WHAT THE TASK ASKS. With all images left out, restate the records below exactly as written.

THE DATA.
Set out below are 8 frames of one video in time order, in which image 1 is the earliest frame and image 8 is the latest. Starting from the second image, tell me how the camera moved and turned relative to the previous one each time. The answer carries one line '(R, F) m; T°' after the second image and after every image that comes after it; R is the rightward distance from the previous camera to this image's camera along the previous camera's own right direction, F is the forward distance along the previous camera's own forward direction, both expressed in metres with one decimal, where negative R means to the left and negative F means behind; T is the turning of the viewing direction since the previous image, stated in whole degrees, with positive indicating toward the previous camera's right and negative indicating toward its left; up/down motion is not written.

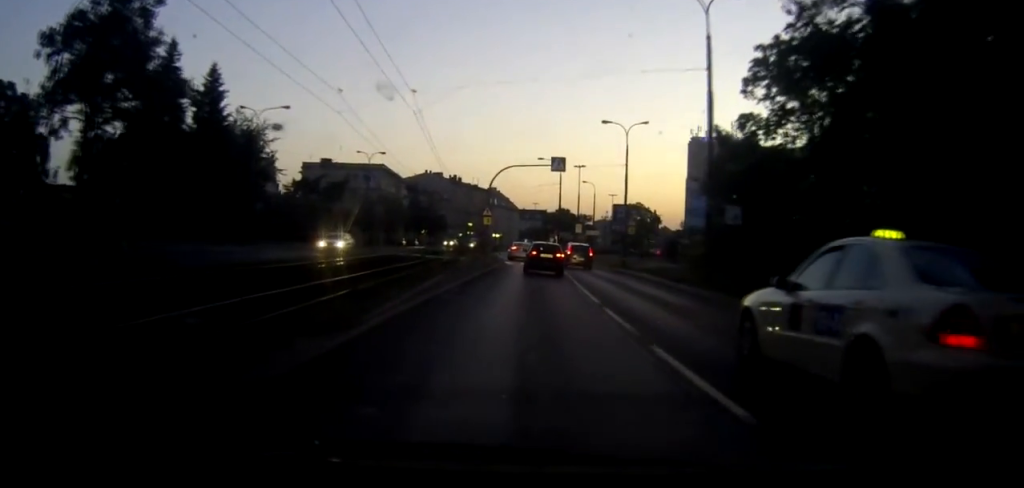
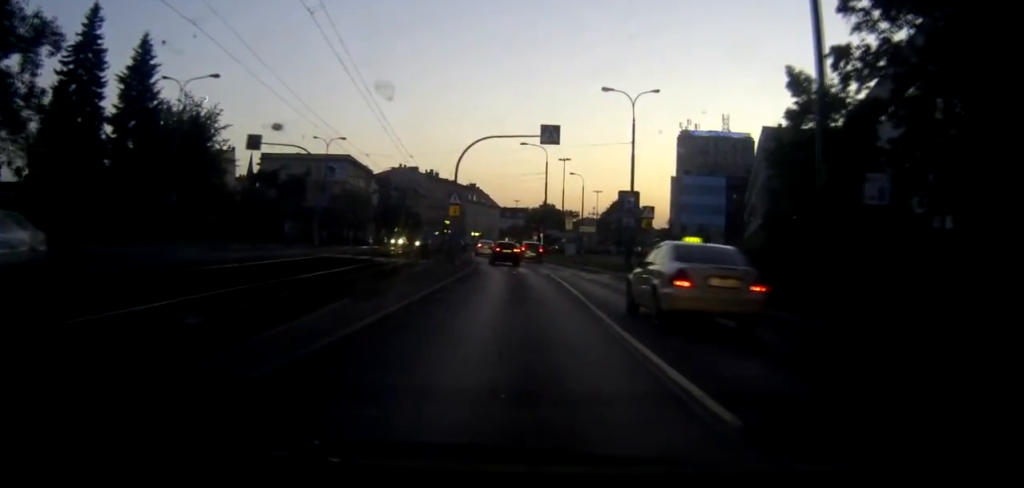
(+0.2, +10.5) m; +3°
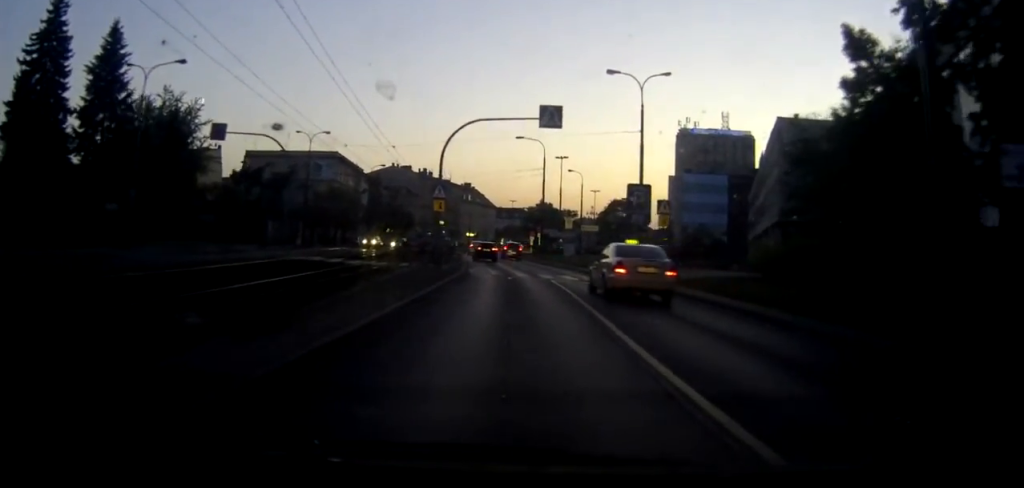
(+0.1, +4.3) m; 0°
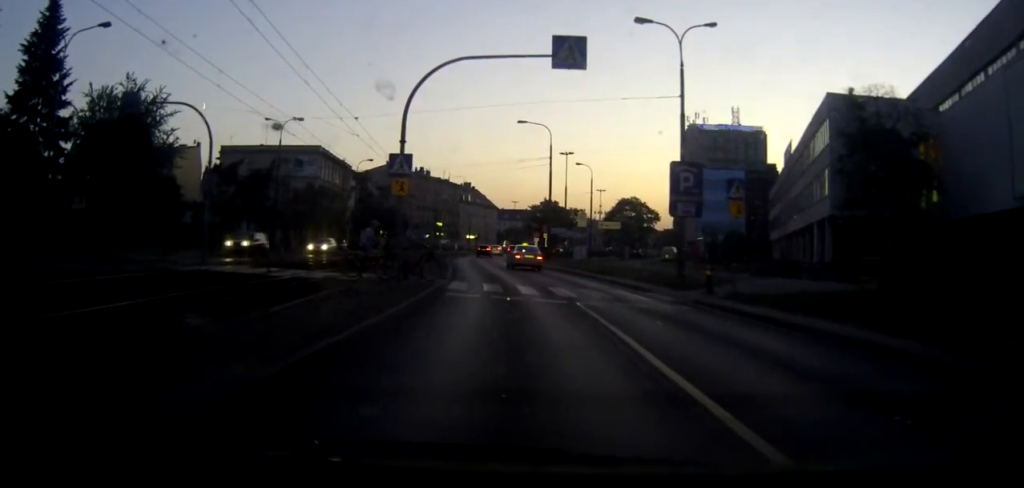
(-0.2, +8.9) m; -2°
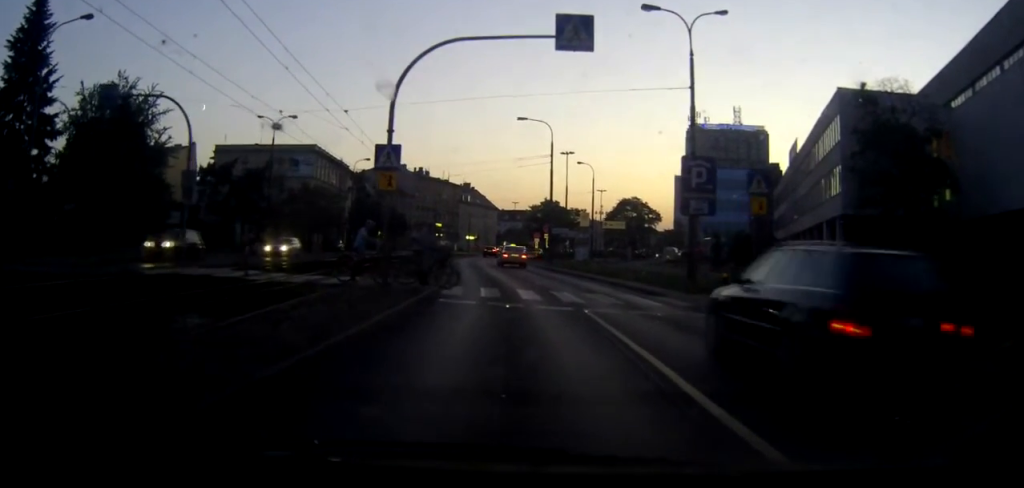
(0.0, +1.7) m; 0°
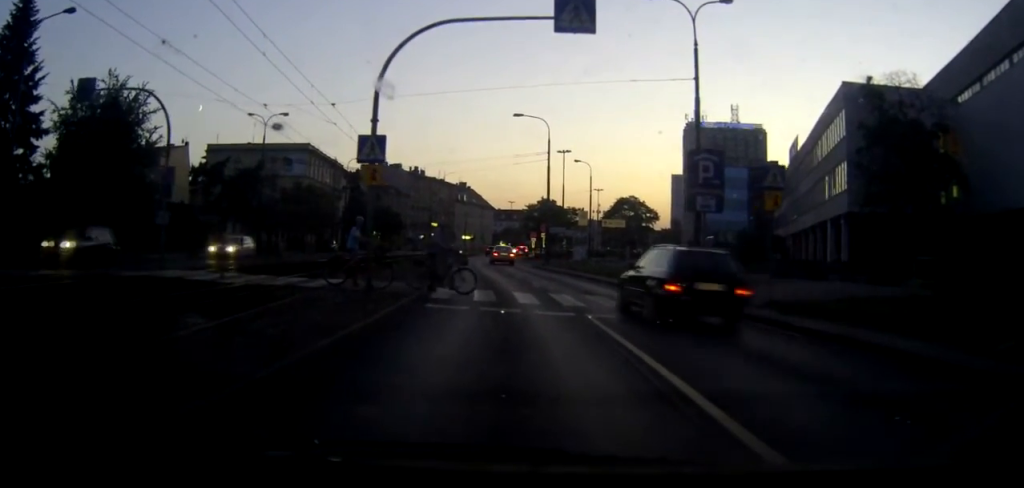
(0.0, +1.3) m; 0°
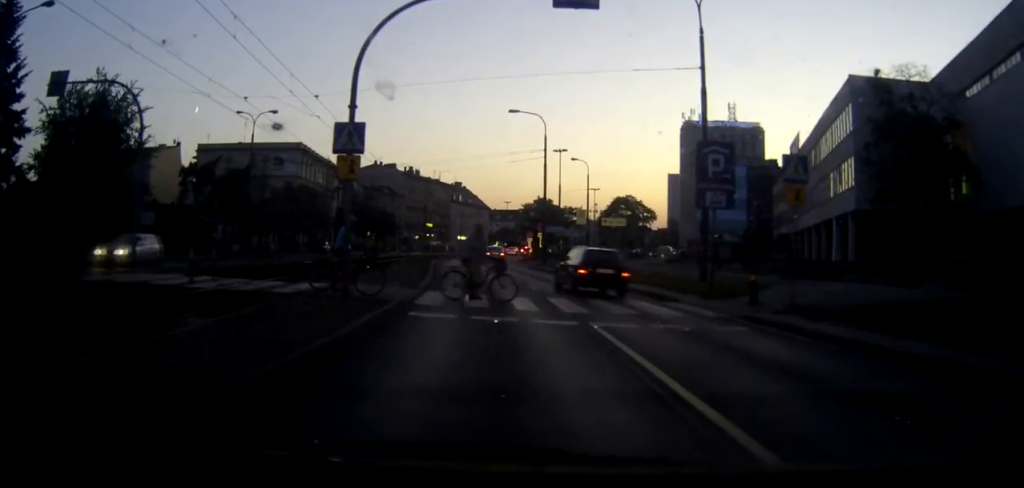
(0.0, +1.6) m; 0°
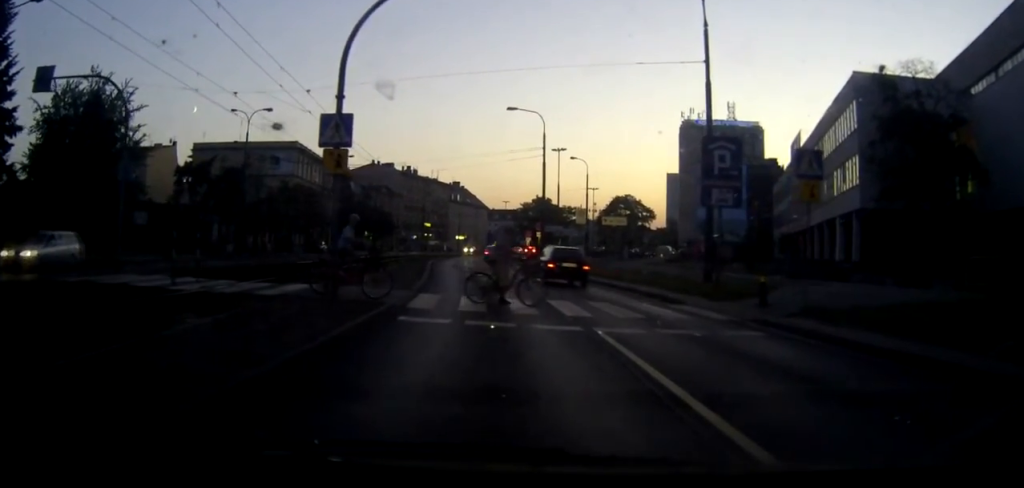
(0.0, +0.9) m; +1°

EXERCISE RESULT.
Set out below are 8 frames of one video in time order, in which image 1 is the earliest frame and image 8 is the latest. Starting from the second image, tell me how the camera moved and turned relative to the previous one each time. The answer carries one line '(R, F) m; T°' after the second image and after every image that comes after it; R is the rightward distance from the previous camera to this image's camera along the previous camera's own right direction, F is the forward distance along the previous camera's own forward direction, both expressed in metres with one decimal, where negative R means to the left and negative F means behind; T is the turning of the viewing direction since the previous image, stated in whole degrees, with positive indicating toward the previous camera's right and negative indicating toward its left; up/down motion is not written.

(+0.2, +10.5) m; +3°
(+0.1, +4.3) m; 0°
(-0.2, +8.9) m; -2°
(0.0, +1.7) m; 0°
(0.0, +1.3) m; 0°
(0.0, +1.6) m; 0°
(0.0, +0.9) m; +1°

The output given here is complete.